__What you have to do__. Your task is to gather the lines below that hold the string "plain".

Stored data:
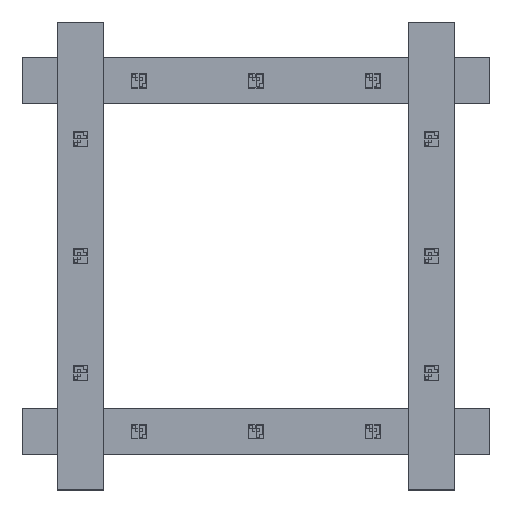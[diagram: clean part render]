
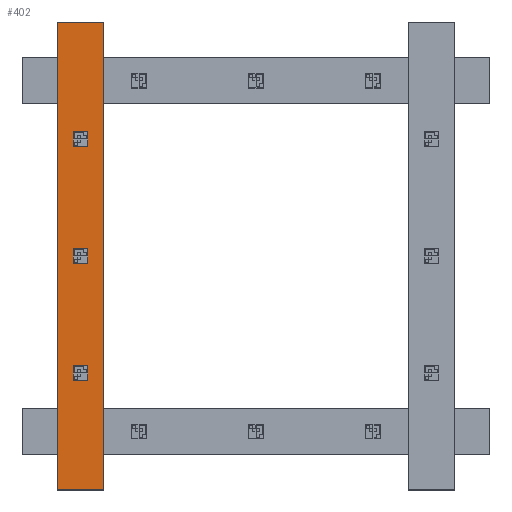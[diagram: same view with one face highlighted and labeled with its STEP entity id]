
A CAD part, top view. The second image highlights one B-rep face of the part: STEP entity #402.
In plain terms, the highlighted planar face has unit normal (0, 0, 1).
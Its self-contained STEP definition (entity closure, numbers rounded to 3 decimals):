
#394=AXIS2_PLACEMENT_3D('Plane Axis2P3D',#391,#392,#393) ;
#266=CARTESIAN_POINT('Vertex',(-100.,10.,5.)) ;
#280=CARTESIAN_POINT('Vertex',(-100.,-10.,5.)) ;
#283=CARTESIAN_POINT('Line Origine',(-100.,0.,5.)) ;
#311=CARTESIAN_POINT('Vertex',(100.,-10.,5.)) ;
#314=CARTESIAN_POINT('Line Origine',(0.,-10.,5.)) ;
#342=CARTESIAN_POINT('Vertex',(100.,10.,5.)) ;
#345=CARTESIAN_POINT('Line Origine',(100.,0.,5.)) ;
#367=CARTESIAN_POINT('Line Origine',(0.,10.,5.)) ;
#391=CARTESIAN_POINT('Axis2P3D Location',(0.,0.,5.)) ;
#284=DIRECTION('Vector Direction',(0.,-1.,0.)) ;
#315=DIRECTION('Vector Direction',(-1.,0.,0.)) ;
#346=DIRECTION('Vector Direction',(0.,1.,0.)) ;
#368=DIRECTION('Vector Direction',(1.,0.,0.)) ;
#392=DIRECTION('Axis2P3D Direction',(0.,0.,1.)) ;
#393=DIRECTION('Axis2P3D XDirection',(1.,0.,0.)) ;
#285=VECTOR('Line Direction',#284,1.) ;
#316=VECTOR('Line Direction',#315,1.) ;
#347=VECTOR('Line Direction',#346,1.) ;
#369=VECTOR('Line Direction',#368,1.) ;
#397=ORIENTED_EDGE('',*,*,#287,.T.) ;
#398=ORIENTED_EDGE('',*,*,#318,.T.) ;
#399=ORIENTED_EDGE('',*,*,#349,.T.) ;
#400=ORIENTED_EDGE('',*,*,#371,.T.) ;
#402=ADVANCED_FACE('PartBody',(#401),#395,.T.) ;
#287=EDGE_CURVE('',#267,#281,#286,.T.) ;
#318=EDGE_CURVE('',#281,#312,#317,.F.) ;
#349=EDGE_CURVE('',#312,#343,#348,.T.) ;
#371=EDGE_CURVE('',#343,#267,#370,.F.) ;
#396=EDGE_LOOP('',(#397,#398,#399,#400)) ;
#401=FACE_OUTER_BOUND('',#396,.T.) ;
#286=LINE('Line',#283,#285) ;
#317=LINE('Line',#314,#316) ;
#348=LINE('Line',#345,#347) ;
#370=LINE('Line',#367,#369) ;
#395=PLANE('',#394) ;
#267=VERTEX_POINT('',#266) ;
#281=VERTEX_POINT('',#280) ;
#312=VERTEX_POINT('',#311) ;
#343=VERTEX_POINT('',#342) ;
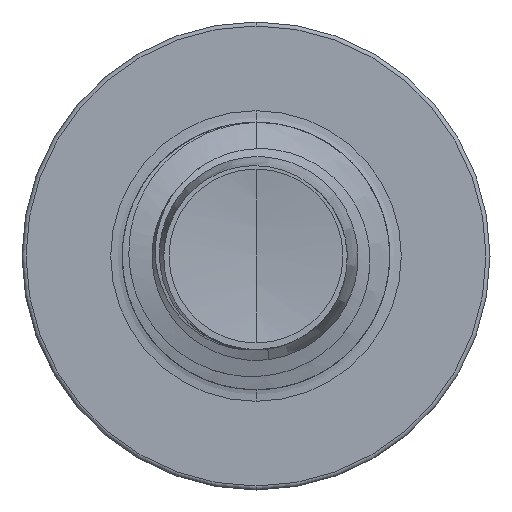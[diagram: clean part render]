
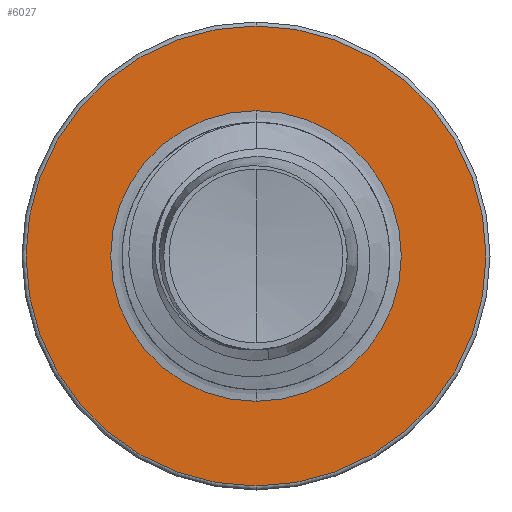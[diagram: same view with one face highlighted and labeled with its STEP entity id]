
A CAD part, front view. The second image highlights one B-rep face of the part: STEP entity #6027.
In plain terms, the highlighted planar face has unit normal (0, -1, 0).
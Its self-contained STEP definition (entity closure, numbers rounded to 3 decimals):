
#409 = AXIS2_PLACEMENT_3D ( 'NONE', #1661, #21726, #4717 ) ;
#1079 = ORIENTED_EDGE ( 'NONE', *, *, #20727, .T. ) ;
#1661 = CARTESIAN_POINT ( 'NONE',  ( 0., 17.5, 0. ) ) ;
#3433 = VERTEX_POINT ( 'NONE', #15657 ) ;
#4717 = DIRECTION ( 'NONE',  ( 0., 0., 1. ) ) ;
#5359 = DIRECTION ( 'NONE',  ( 0., 1., 0. ) ) ;
#5442 = DIRECTION ( 'NONE',  ( 0., 1., 0. ) ) ;
#6027 = ADVANCED_FACE ( 'NONE', ( #12267, #13201 ), #11255, .F. ) ;
#6781 = EDGE_LOOP ( 'NONE', ( #29851, #25237 ) ) ;
#9640 = CARTESIAN_POINT ( 'NONE',  ( 0., 17.5, 0. ) ) ;
#9677 = VERTEX_POINT ( 'NONE', #19411 ) ;
#9784 = ORIENTED_EDGE ( 'NONE', *, *, #22866, .T. ) ;
#11255 = PLANE ( 'NONE',  #35570 ) ;
#11370 = CARTESIAN_POINT ( 'NONE',  ( 0., 17.5, -2.174 ) ) ;
#11451 = DIRECTION ( 'NONE',  ( 0., 1., 0. ) ) ;
#11864 = DIRECTION ( 'NONE',  ( 0., 0., 1. ) ) ;
#12267 = FACE_OUTER_BOUND ( 'NONE', #6781, .T. ) ;
#12373 = EDGE_LOOP ( 'NONE', ( #9784, #1079 ) ) ;
#12596 = DIRECTION ( 'NONE',  ( 0., 0., 1. ) ) ;
#13172 = AXIS2_PLACEMENT_3D ( 'NONE', #9640, #28697, #12596 ) ;
#13201 = FACE_BOUND ( 'NONE', #12373, .T. ) ;
#14384 = AXIS2_PLACEMENT_3D ( 'NONE', #22282, #5359, #24929 ) ;
#15657 = CARTESIAN_POINT ( 'NONE',  ( 0., 17.5, -3.44 ) ) ;
#17415 = CIRCLE ( 'NONE', #13172, 3.44 ) ;
#18174 = VERTEX_POINT ( 'NONE', #35134 ) ;
#18510 = EDGE_CURVE ( 'NONE', #18174, #3433, #17415, .T. ) ;
#18693 = CIRCLE ( 'NONE', #409, 2.174 ) ;
#19411 = CARTESIAN_POINT ( 'NONE',  ( 0., 17.5, -2.174 ) ) ;
#20727 = EDGE_CURVE ( 'NONE', #9677, #32620, #18693, .T. ) ;
#21096 = EDGE_CURVE ( 'NONE', #3433, #18174, #24030, .T. ) ;
#21726 = DIRECTION ( 'NONE',  ( 0., 1., 0. ) ) ;
#22282 = CARTESIAN_POINT ( 'NONE',  ( 0., 17.5, 0. ) ) ;
#22358 = CARTESIAN_POINT ( 'NONE',  ( 0., 17.5, 0. ) ) ;
#22866 = EDGE_CURVE ( 'NONE', #32620, #9677, #34529, .T. ) ;
#24030 = CIRCLE ( 'NONE', #14384, 3.44 ) ;
#24929 = DIRECTION ( 'NONE',  ( 0., 0., 1. ) ) ;
#24999 = DIRECTION ( 'NONE',  ( 0., 0., 1. ) ) ;
#25237 = ORIENTED_EDGE ( 'NONE', *, *, #21096, .F. ) ;
#28697 = DIRECTION ( 'NONE',  ( 0., 1., 0. ) ) ;
#29302 = CARTESIAN_POINT ( 'NONE',  ( 0., 17.5, 2.174 ) ) ;
#29851 = ORIENTED_EDGE ( 'NONE', *, *, #18510, .F. ) ;
#32620 = VERTEX_POINT ( 'NONE', #29302 ) ;
#34529 = CIRCLE ( 'NONE', #35625, 2.174 ) ;
#35134 = CARTESIAN_POINT ( 'NONE',  ( 0., 17.5, 3.44 ) ) ;
#35570 = AXIS2_PLACEMENT_3D ( 'NONE', #11370, #11451, #11864 ) ;
#35625 = AXIS2_PLACEMENT_3D ( 'NONE', #22358, #5442, #24999 ) ;
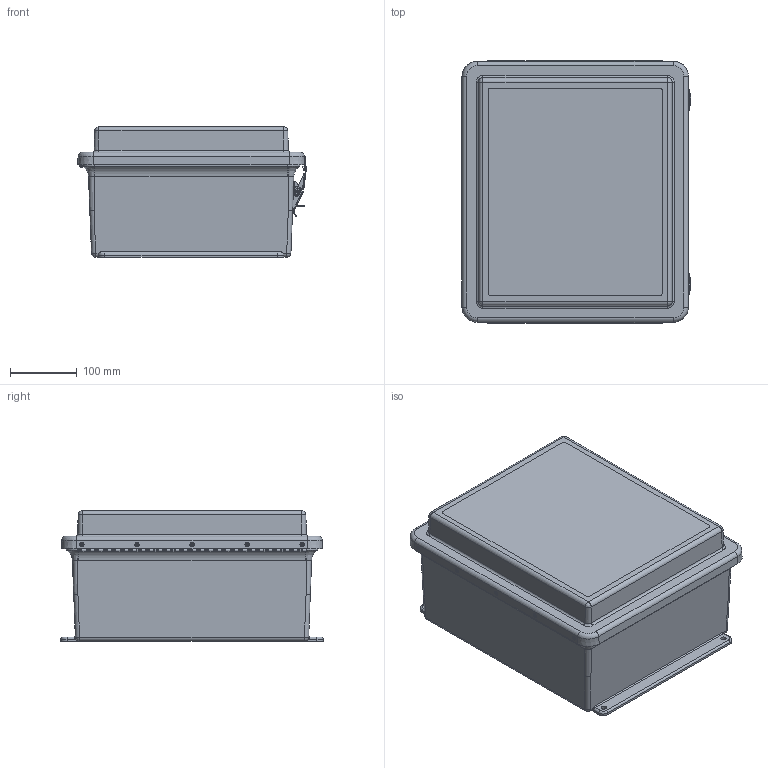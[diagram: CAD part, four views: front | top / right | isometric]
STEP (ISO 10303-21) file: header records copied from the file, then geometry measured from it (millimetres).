
FILE_DESCRIPTION(/* description */ (''),/* implementation_level */ '2;1');
FILE_NAME(/* name */ 'HW-RHJ141207CHQRW.stp',/* time_stamp */ '2014-04-07T13:50:17-05:00',/* author */ ('jtigges'),/* organization */ (''),/* preprocessor_version */ 'ST-DEVELOPER v15.2',/* originating_system */ 'Autodesk Inventor 2014',/* authorisation */ '');
FILE_SCHEMA (('AUTOMOTIVE_DESIGN { 1 0 10303 214 3 1 1 }'));
Length unit declared in the file: inch
Products named in the file (25): J1412HL_8; RMINS45821P_315; RMINS45821P_316; RMINS45821P_317; RMINS45821P_318; J1412BHL; RMHINGCOV13; RMHINGPIN13; RMHINGBOX13; RMHING13; RJW1412HLCVR; GASKET_1412; WP1412HLU; WINDOW_1412RJ; RMRIV43; RMRIV44; RMKEEPSSL; Anchor Plate; Locking Layer; Hook blade; Hinge Pin_Lower; Hinge Pin_Upper; RMLATPLSSL; RJW1412HPL_STP
Bounding box: 343.46 x 393.7 x 195.65 mm (x, y, z)
Volume: 2244547.4 mm3; surface area: 1154251.2 mm2
Topology: 41 solids, 41 shells, 1140 faces, 2908 edges, 1891 vertices
Faces by surface type: plane 495, cylinder 472, torus 72, cone 49, bspline 48, sphere 4
Full cylindrical faces by diameter (mm): 2.159 x55, 2.64 x8, 3.048 x2, 3.175 x18, 3.302 x4, 3.327 x10, 3.429 x18, 3.556 x22, 3.861 x8, 3.962 x7, 4.306 x4, 5.537 x4, 6.35 x10, 6.858 x4, 7.62 x4, 9.525 x2
Entity records: 28564 total; most frequent: CARTESIAN_POINT 6418, DIRECTION 4715, ORIENTED_EDGE 4184, EDGE_CURVE 2092, AXIS2_PLACEMENT_3D 1780, VERTEX_POINT 1433, EDGE_LOOP 1241, LINE 1155

__Final answer__.
In plain terms, the highlighted planar face has unit normal (0, 0, 1).
In plain terms, the highlighted planar face has unit normal (0, -1, 0).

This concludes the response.